IGN praised the fifth season and its finale as a return to form for Grey's Anatomy, noting that the season successfully restored the well-balanced mix of emotion and drama that characterized the show’s earlier seasons. They added that while the season was an overall success, better planning of future story arcs would ensure a more cohesive narrative in Season 6. IGN concluded, "a return to form for a show that had seemingly flatlined".

PopSugar highlighted the emotional stakes of the episode, stating, "Izzie might be dying! George might be dying!" They lauded the symbolic imagery of Izzie in her pink prom dress and George in his army uniform meeting in an elevator as their colleagues tried desperately to save them back in the hospital. The site also touched on Meredith Grey (Ellen Pompeo) and Derek Shepherd's (Patrick Dempsey) unconventional wedding, noting, "that post-it is enough for me", while acknowledging that they may need to formalize their marriage legally in the future. PopSugar also praised Sandra Oh and Kevin McKidd, stating, "every scene with Cristina and Owen feels so tense I can barely breathe".

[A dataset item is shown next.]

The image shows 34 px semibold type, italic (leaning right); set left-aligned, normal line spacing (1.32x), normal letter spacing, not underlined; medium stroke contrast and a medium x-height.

Alan Sepinwall gave the episode a glowing review, commending the use of the core cast, particularly the Cristina/Owen and Izzie/Alex scenes. Sepinwall singled out Chandra Wilson (Miranda Bailey) as a standout, particularly in her emotional scenes with James Pickens Jr. (Richard Webber). He also praised Meredith and Derek's post-it note wedding as being "so perfect for their characters". Despite knowing some plot details beforehand, Sepinwall appreciated the episode's execution, noting that Grey's Anatomy is at its best when it fully connects with the emotional pitch it's aiming for, calling it a "free-swinging power-hitter".